Experimental Protocol
Performance is systematically benchmarked using leading open-source MLLMs: Qwen3 VL, LLaVA One Vision (and 1.5), InternVL 3.5, SmolVLM2, across parameter scales (0.5B–8B). Evaluation employs top-1 accuracy in both zero-shot and fine-tuned (via LoRA) settings, with prompt sensitivity rigorously investigated through three distinct, semantically targeted prompts per model. Both prompt placement (prepend/append) and formulation distinctly affect model outputs, revealing the subjectivity and context-dependent nature of the task.
Key Results
- Baseline: The image similarity-based baseline achieves >80% accuracy, reflecting the strength of cross-modal embedding retrieval for this binary task.
- MLLM Zero-shot performance: Larger MLLMs consistently outperform both the baseline and smaller counterparts.
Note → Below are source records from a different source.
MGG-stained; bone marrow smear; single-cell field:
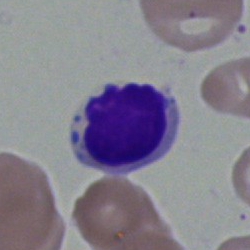

Q: What type of cell is this?
A: It is a lymphocyte.
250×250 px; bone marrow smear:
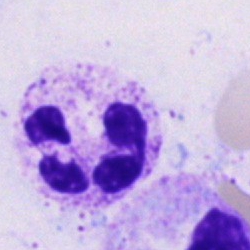
Q: What cell is this?
A: It is a segmented neutrophil.
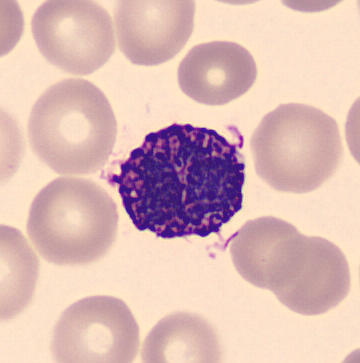

Peripheral blood smear.
Q: What type of cell is this?
A: Basophil.
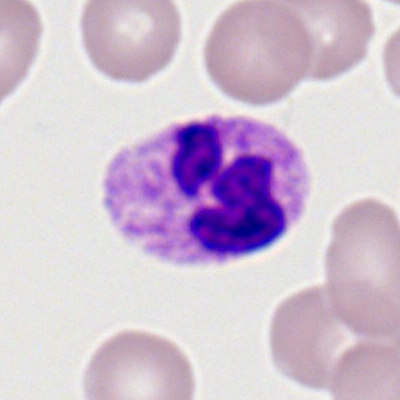
Morphology — polymorphonuclear neutrophil.
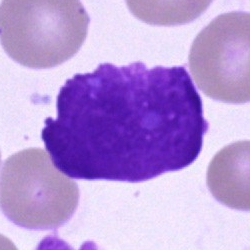Classification = artefact.
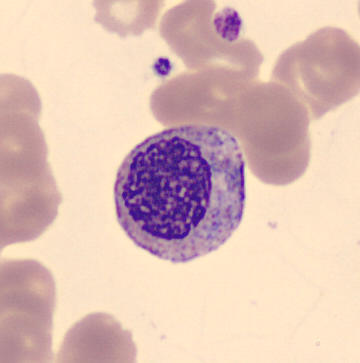
Acquisition: 360×363 · peripheral blood film.

A myelocyte.
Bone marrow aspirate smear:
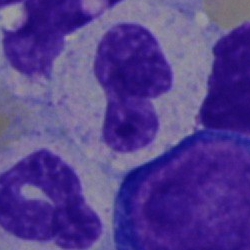 A neutrophil (segmented).
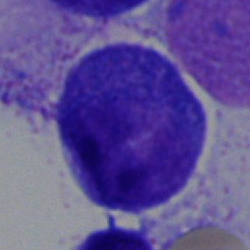
Q: Identify the cell.
A: This is a promyelocyte.
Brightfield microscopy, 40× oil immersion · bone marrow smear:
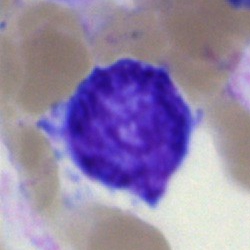
Morphology consistent with an undifferentiated blast.
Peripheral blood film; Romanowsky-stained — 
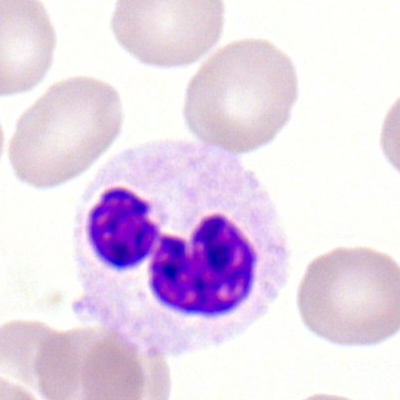

The cell shown is a polymorphonuclear neutrophil.
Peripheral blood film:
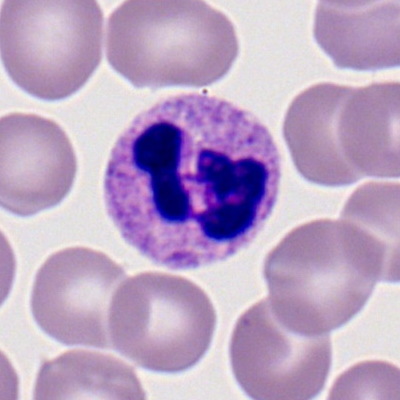 This is a neutrophil (segmented).

Importantly, LLaVA OV 1.5 (8B) achieves the highest zero-shot accuracy (87.6% on full, 93.9% on strict), closely followed by Qwen3 VL (8B).
- Fine-tuning: Substantial performance boosts are observed post-fine-tuning, with Qwen3 VL (8B) reaching 90.0% (full) and 95.5% (strict), marginally surpassing LLaVA OV 1.5 (8B).
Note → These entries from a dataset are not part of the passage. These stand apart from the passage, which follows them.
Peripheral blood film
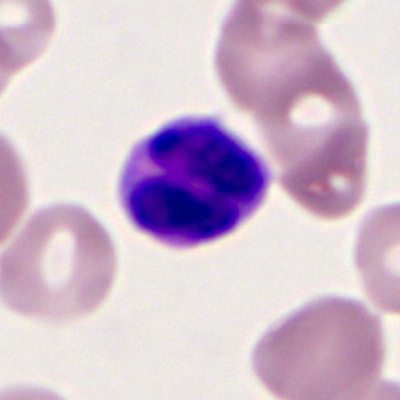

Polymorphonuclear neutrophil.
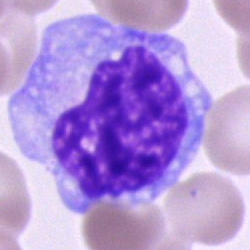
Classification: monocyte.
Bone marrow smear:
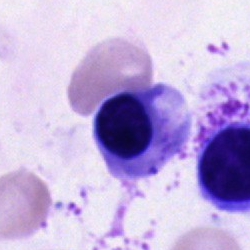

Specimen: bone marrow smear.
Cell type: normoblast.
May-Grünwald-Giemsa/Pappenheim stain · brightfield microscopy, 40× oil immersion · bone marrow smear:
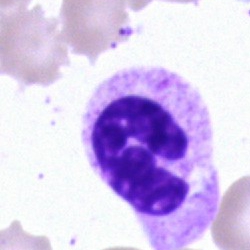

Specimen: bone marrow aspirate smear.
Classification: polymorphonuclear neutrophil.
Lineage: myeloid.
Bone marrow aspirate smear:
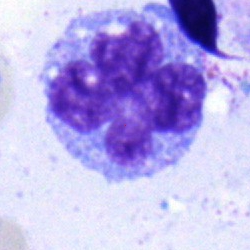

Single cell identified as a monocyte.
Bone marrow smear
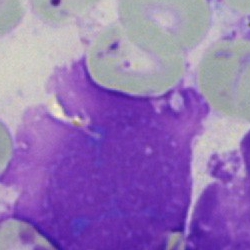 Artefact.
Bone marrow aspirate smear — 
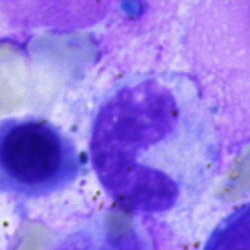
Impression — band-form neutrophil.
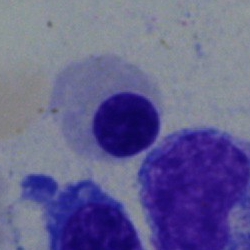
Single-cell crop from a bone marrow smear: normoblast.

- Prompt Sensitivity: All MLLMs exhibit non-negligible prompt sensitivity, especially at smaller scales, with standard deviations up to 15.8 percentage points.
- Label Ambiguity Effect: Accuracy is systematically higher on the strict subset, directly highlighting the challenge introduced by subjectivity in real-world annotation.
Strong claims: Fine-tuned large-scale MLLMs achieve near human-level labeling agreement for the strictest cases, and most evaluated MLLMs surpass the best cross-modal retrieval baseline by a significant margin on both subsets.
Implications and Future Directions
Practically, Sens-VisualNews provides a high-quality, incentive-aligned resource for developing and benchmarking multimodal models intended for disinformation detection workflows in journalistic and automated fact-checking applications. The results confirm that current open-source MLLMs are not only highly effective for this specialized visual reasoning task but also sensitive to prompt formulation nuances, indicating a requirement for prompt engineering or adaptation during deployment. The strict subset methodology further encourages exploration of subjective and adversarial edge cases.
Theoretically, the dataset challenges the boundaries of intention-conditioned visual understanding, emphasizing the need for models to differentiate between emotional polarity and intent to provoke. The subjectivity intrinsic to the concept of "sensationalism" also opens new research avenues in modeling annotator disagreement and epistemic uncertainty.
For future developments, the dataset's release together with code and annotation tools enables further research on:
- Modeling and mitigating label subjectivity with probabilistic or ensemble annotation frameworks.
- Extending sensationalism detection beyond the news domain (e.g., social media, memes).
- Robust multimodal fine-tuning strategies sensitive to ethical deployment in fact-checking scenarios.
- Cross-lingual and cross-cultural adaptation, testing model generalization on sensationalism cues that are culturally grounded.
Conclusion
"Sens-VisualNews: A Benchmark Dataset for Sensational Image Detection" (2605.10394) addresses a critical gap in multimodal disinformation detection by systematically defining, curating, and evaluating the detection of sensational imagery in news. Its rigorous methodology, strong empirical results for fine-tuned MLLMs, and explicit treatment of subjective ambiguity make it a foundational resource for the continued advancement of trustworthy AI in news and media integrity.